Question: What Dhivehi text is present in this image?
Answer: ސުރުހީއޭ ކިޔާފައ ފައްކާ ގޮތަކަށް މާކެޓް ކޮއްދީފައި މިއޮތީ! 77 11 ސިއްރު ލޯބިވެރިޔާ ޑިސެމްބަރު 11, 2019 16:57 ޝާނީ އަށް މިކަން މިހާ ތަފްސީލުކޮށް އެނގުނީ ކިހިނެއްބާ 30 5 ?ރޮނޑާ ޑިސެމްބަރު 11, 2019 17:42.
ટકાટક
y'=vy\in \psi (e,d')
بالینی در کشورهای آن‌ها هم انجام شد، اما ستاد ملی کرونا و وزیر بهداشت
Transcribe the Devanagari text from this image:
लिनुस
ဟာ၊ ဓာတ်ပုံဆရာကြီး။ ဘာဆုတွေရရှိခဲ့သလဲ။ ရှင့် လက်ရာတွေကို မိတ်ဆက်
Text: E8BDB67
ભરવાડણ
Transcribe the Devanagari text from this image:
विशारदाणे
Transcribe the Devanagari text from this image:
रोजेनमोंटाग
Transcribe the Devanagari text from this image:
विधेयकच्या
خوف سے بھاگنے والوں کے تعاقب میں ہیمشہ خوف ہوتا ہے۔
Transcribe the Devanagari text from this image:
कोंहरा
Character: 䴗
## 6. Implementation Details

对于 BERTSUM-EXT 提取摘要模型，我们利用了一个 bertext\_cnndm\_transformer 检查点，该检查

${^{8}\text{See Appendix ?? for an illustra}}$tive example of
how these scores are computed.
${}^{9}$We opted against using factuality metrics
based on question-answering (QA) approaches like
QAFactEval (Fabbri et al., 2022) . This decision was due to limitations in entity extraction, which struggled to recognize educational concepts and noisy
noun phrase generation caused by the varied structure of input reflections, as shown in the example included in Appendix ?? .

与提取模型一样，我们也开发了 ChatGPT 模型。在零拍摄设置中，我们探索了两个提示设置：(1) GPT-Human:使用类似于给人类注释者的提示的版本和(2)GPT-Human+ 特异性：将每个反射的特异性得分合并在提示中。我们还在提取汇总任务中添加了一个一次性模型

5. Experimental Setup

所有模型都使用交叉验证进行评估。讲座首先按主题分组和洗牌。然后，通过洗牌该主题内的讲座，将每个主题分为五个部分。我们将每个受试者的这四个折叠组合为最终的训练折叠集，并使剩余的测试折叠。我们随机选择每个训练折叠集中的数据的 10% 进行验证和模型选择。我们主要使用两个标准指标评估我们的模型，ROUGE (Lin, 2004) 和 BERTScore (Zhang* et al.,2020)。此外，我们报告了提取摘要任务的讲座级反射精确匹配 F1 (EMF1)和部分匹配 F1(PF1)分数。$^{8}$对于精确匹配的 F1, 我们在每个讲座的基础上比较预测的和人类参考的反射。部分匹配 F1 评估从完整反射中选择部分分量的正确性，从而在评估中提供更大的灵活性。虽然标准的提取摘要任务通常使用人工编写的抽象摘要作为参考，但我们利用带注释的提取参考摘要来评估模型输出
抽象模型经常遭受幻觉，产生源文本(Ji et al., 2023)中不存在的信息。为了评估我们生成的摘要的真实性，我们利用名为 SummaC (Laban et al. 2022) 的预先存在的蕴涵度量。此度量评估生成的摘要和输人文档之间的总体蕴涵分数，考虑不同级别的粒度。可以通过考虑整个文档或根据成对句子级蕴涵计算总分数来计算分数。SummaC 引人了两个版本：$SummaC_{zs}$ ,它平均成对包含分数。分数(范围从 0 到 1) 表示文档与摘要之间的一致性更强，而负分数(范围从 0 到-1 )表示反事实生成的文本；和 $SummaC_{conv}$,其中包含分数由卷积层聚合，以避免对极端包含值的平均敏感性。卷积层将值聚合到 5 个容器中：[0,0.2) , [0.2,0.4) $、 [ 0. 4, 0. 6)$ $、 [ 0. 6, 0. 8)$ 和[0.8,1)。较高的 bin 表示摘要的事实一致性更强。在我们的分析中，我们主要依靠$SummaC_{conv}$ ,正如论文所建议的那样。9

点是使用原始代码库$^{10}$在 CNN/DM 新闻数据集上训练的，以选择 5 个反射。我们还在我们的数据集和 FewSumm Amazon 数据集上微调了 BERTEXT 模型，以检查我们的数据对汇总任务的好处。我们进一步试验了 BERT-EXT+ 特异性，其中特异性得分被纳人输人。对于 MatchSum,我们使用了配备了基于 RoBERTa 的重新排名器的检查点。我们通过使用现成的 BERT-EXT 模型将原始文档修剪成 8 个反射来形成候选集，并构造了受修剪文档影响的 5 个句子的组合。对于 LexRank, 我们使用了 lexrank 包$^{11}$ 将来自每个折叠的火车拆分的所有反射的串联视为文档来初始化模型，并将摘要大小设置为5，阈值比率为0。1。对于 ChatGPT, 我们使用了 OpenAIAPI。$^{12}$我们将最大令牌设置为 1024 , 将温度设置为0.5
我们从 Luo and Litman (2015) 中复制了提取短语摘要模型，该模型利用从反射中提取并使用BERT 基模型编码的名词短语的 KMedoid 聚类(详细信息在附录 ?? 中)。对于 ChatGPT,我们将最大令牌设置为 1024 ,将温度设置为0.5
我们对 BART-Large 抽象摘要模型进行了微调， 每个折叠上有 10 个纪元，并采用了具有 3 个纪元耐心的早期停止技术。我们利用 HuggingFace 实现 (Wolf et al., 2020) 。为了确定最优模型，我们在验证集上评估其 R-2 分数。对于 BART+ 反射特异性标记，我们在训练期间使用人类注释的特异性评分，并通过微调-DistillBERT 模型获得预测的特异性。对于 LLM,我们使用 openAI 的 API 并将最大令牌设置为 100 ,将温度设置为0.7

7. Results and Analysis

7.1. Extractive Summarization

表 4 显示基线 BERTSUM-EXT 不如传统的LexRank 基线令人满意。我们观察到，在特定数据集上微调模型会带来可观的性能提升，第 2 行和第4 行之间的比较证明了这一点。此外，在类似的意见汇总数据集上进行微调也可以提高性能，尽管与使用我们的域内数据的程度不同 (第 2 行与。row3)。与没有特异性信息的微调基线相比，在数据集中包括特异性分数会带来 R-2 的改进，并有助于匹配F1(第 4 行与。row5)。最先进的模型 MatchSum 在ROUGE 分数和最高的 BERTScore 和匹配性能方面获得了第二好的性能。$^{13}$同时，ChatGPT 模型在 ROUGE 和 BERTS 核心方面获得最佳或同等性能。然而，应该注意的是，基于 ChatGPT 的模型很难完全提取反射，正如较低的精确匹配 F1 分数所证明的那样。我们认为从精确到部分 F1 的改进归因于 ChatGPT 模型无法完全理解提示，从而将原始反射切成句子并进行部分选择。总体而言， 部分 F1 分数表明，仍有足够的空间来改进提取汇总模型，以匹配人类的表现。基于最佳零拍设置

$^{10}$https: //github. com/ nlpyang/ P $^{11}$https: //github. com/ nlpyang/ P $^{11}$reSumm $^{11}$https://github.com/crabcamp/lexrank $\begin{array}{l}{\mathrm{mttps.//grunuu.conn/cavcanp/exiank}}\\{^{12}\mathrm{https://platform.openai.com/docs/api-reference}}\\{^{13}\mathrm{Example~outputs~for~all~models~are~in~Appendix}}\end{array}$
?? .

------------------------------------------------

Write out, from the lines above, only those from the line with "خوف سے بھاگنے" to the line with "noun phrase generation", exactly as given, including the first and the last.

خوف سے بھاگنے والوں کے تعاقب میں ہیمشہ خوف ہوتا ہے۔
Transcribe the Devanagari text from this image:
कोंहरा
Character: 䴗
## 6. Implementation Details

对于 BERTSUM-EXT 提取摘要模型，我们利用了一个 bertext\_cnndm\_transformer 检查点，该检查

${^{8}\text{See Appendix ?? for an illustra}}$tive example of
how these scores are computed.
${}^{9}$We opted against using factuality metrics
based on question-answering (QA) approaches like
QAFactEval (Fabbri et al., 2022) . This decision was due to limitations in entity extraction, which struggled to recognize educational concepts and noisy
noun phrase generation caused by the varied structure of input reflections, as shown in the example included in Appendix ?? .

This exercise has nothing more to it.